Un domingo nos fuimos a la misa nomás tu y yo. Raymundo dijo que se sentía mal y quería evitarse la resolana del mediodía. A medio camino, se te atravesó un peñasco y fuiste a dar de lleno en el agua de un charco.  Me puse verde del coraje, porque nos tuvimos que regresar a cambiarte la ropa, no iba a dejar que las viejas mitoteras te agarraran de su comidilla en plena misa. Ahí te vamos para atrás, y yo echando más padres y madres por  todo el camino.  Cuando llegamos, se me figuró oír unas risas desde el fondo del pasillo, parecía la risa de tu padre, y mira que te puedo contar con los dedos de la mano, las veces que lo escuche reír. Entonces me ganó la curiosidad, quería saber la razón detrás de aquel milagro. No sabes la tamaña desilusión que me llevé, al descubrir la raíz de aquella algarabía. Allí estaba tu padre, revolcándose con la Azucena entre las sábanas. Cerré la puerta de un azoté, para que no vieras tan repugnante cuadro. Cuando regresé para reclamarle a Raymundo, ya se había escapado por la ventana; regresó a la casa después de algunos días. En cuanto a la piruja de la Azucena, me encargué de que no la volviera a ver nunca más.

Raymundo jamás volvió a ser el mismo. Después de aquel día, agarró el vicio de la botella poco a poco, hasta que no hubo día en que no probara alcohol. Con el vicio, llegaron los maltratos.  Yo creí que de alguna manera, se quería desquitar por la ausencia de la Azucena, cómo si la que estuviera mal era yo, por no consecuentarle su vileza, y no él por andar de viejo verde.  Créeme que lo habría soportado todo mijo, todo lo que se le ocurriera hacerle a mi persona, pero cuando la empezó a agarrar contigo, entonces si me conoció. ¿Te acuerdas de aquella cicatriz, como zarpazo de tigre que llevaba en el cachete?
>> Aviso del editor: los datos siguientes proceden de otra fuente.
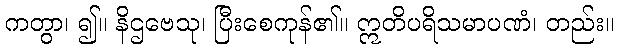
ကတွာ၊ ၍။ နိဌဗေသု၊ ပြီးစေကုန်၏။ ဣတိပရိသမာပဏံ၊ တည်း။
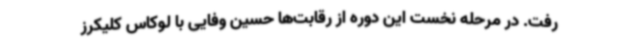
رفت. در مرحله نخست این دوره از رقابت‌ها حسین وفایی با لوکاس کلیکرز
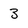
Character: 3
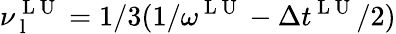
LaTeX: \nu_{\mathrm{~l~}}^{\mathrm{~L~U~}}=1/3(1/\omega^{\mathrm{~L~U~}}-\Delta t^{\mathrm{~L~U~}}/2)
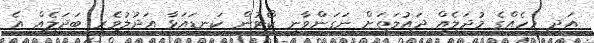
އަދި މީހެއްގެ މުދަލެއް ދައުލަތަށް ނަގަންވާނީ ކޯޓުން ކަނޑައަޅާ އަދުލުވެރި ބަދަލެއް އެ
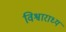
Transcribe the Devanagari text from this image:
विश्वाराध्य
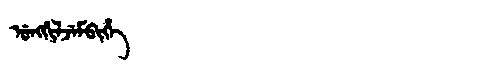
Manchu: ᡠᠩᡤᡳᠯᠵᡝᠮᠪᡳᡥᡝ
Romanization: UNGGILJEMBIHE
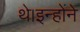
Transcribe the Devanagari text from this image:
थे।इन्होंने
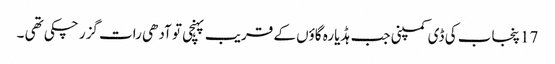
17 پنجاب کی ڈی کمپنی جب ہڈیارہ گاؤں کے قریب پہنچی تو آدھی رات گزر چکی تھی ۔
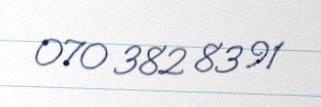
070 382 83 91
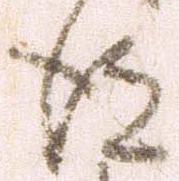
後
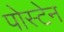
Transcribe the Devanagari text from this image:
पोस्टेन
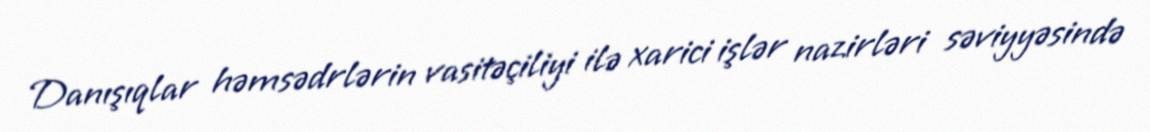
Danışıqlar həmsədrlərin vasitəçiliyi ilə xarici işlər nazirləri səviyyəsində
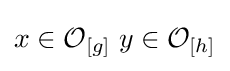
x\in {\mathcal {O}}_{[g]}\;y\in {\mathcal {O}}_{[h]}
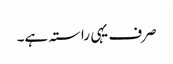
صرف یہی راستہ ہے۔

Esas fueron mis uñas, luego que el desgraciado te volteó la cara de un cobarde manotazo. Una cosa es irle a la mano a los hijos, y otra muy distinta, desquitarse la borrachera hasta matarlos. Por eso te mandé a Juárez, a pesar de la negativa de él, me las arreglé para que te fueras.

Con el tiempo me fue dejando en paz,  todo mundo sabía que tenía otras mujeres; a mí no me importaba, mientras no me las restregara en la frente. El rancho seguía prosperando y el dinero le alcanzaba para las repetidas borracheras, que les patrocinaba a la bola de lambiscones que se decían sus amigos. Para la hora que Raymundo recalaba ya estaba amaneciendo, y ya andaba yo en pie; y las raras veces que llegaba temprano, hacía como que dormía y él me seguía el juego. Así se nos fueron los años de tu ausencia, procurando llevar la fiesta en paz, haciéndonos de la vista gorda.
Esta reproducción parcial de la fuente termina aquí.